Neogene clay and its relation to landslides in the southwestern Loess Plateau,China

Loess occurs widely in Northwestern China, covering Neogene clay and other sedimentary units that overlie the bedrock. The Neogene clays of the Baoji Region of Shaanxi Province, north China, including the eolian Hipparion and paleo-Sanmen Lake fluvial deposits, are typical clays of the southern Chinese Loess Plateau. These clays are also sensitive key strata controlling the development of large-scale landslides along the slope of the loess tableland surrounding the Guanzhong Basin. To investigate the Neogene clay types and landslides in the region, soil samples were tested and the macro- and micro-structures of the clay strata were analyzed. Comprehensive analysis methods, including the pipette method and fine X-ray diffraction, were applied to quantitatively analyze the sample composition and determine the clay mineral types. The Neogene clays are mainly composed of illite and montmorillonite mixed-layer minerals. On the Williams’ discrimination diagram of swelling potential, both types of clay are medium to strongly expansive soil. Two case studies illustrate that rainfall reduces the shear strength of the Neogene clay and raises the groundwater level.
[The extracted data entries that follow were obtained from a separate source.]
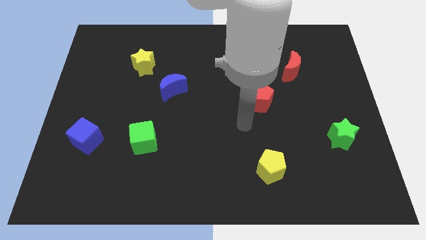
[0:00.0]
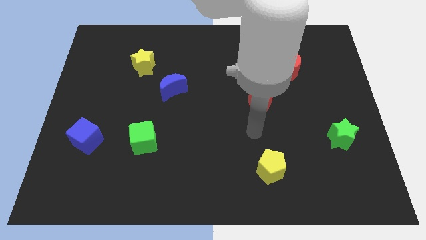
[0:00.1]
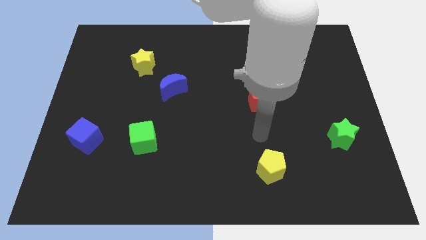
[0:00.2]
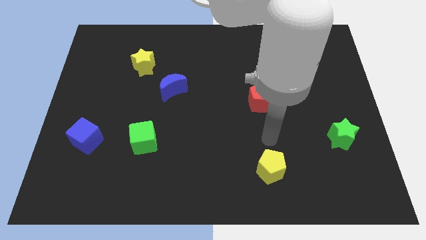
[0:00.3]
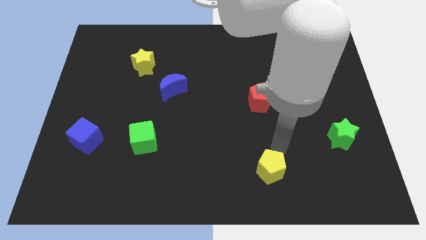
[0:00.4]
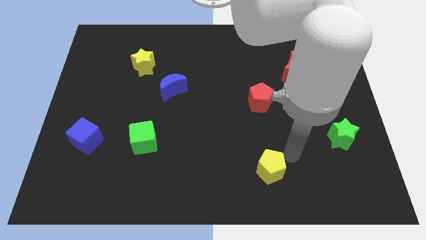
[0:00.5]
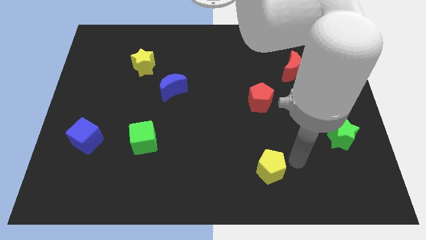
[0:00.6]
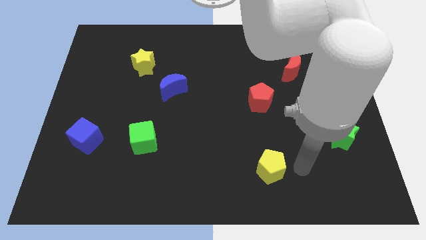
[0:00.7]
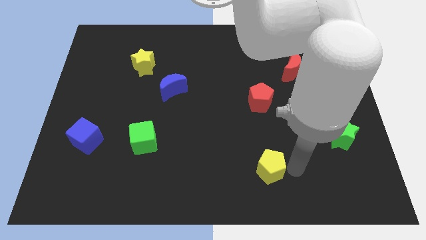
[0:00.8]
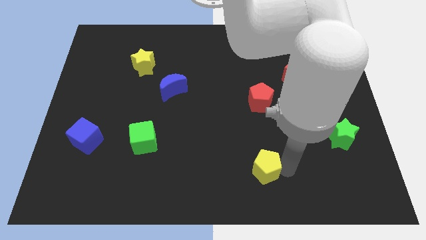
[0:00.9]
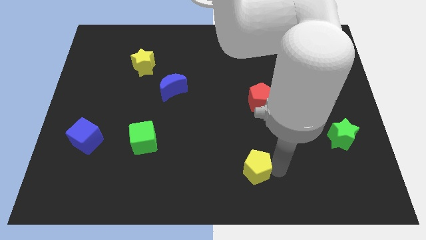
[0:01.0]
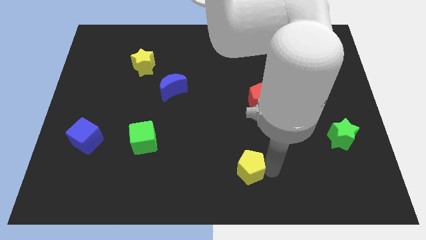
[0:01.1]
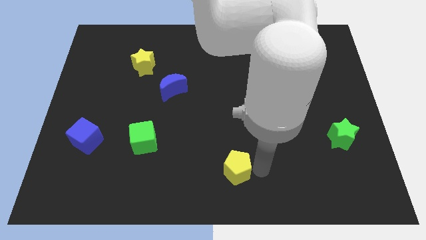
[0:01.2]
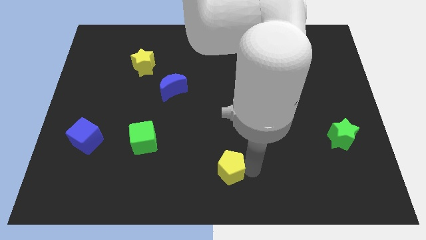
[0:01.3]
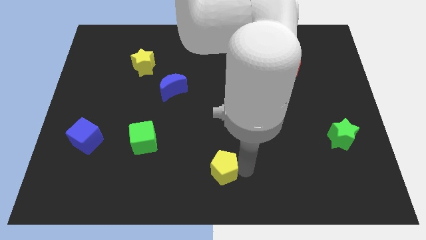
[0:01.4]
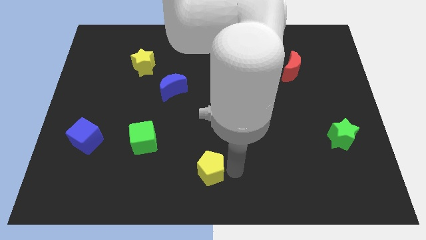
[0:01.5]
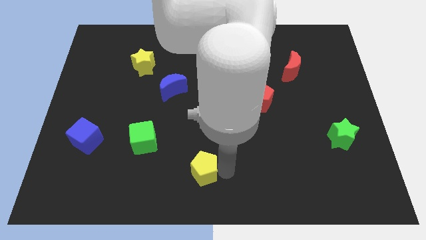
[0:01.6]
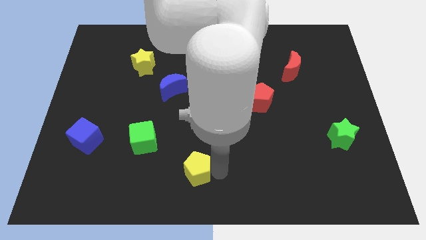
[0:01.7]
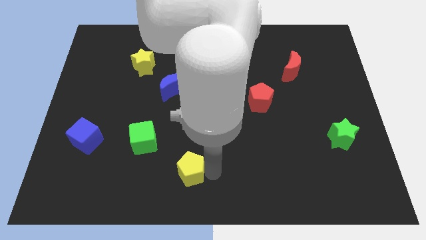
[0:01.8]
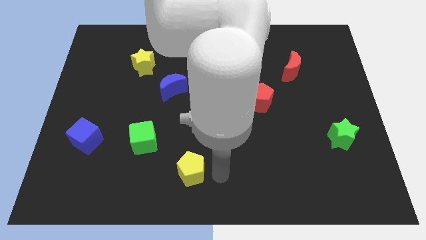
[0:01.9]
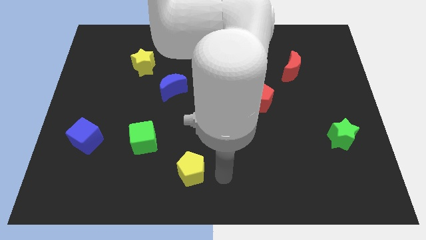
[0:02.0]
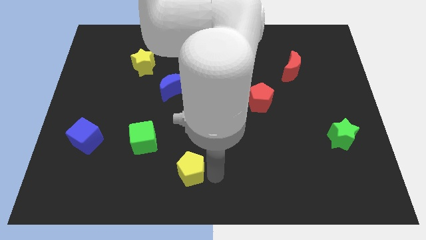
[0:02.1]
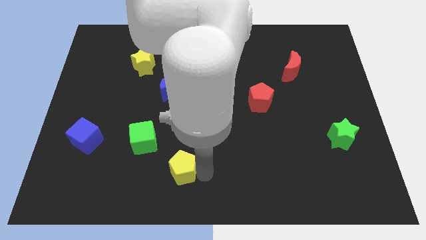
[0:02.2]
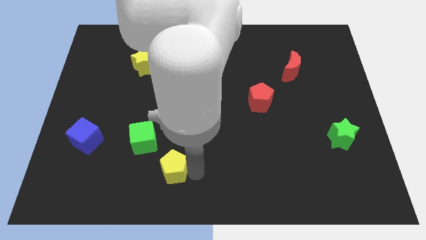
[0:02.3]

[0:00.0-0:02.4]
slide the yellow pentagon to the left

Rainfall has gradually destroyed the structure of the Neogene clay, transforming it to sliding belt soil. The sliding belt lies mainly within the Neogene clay layers, significantly affecting the occurrence and characteristics of landslides in Baoji. The rise in groundwater level and weakening of the shear strength of the Neogene clay are important factors in the occurrence of landslides. The long-term strength is a key factor affecting the development of loess landslides along the loess tableland in Baoji.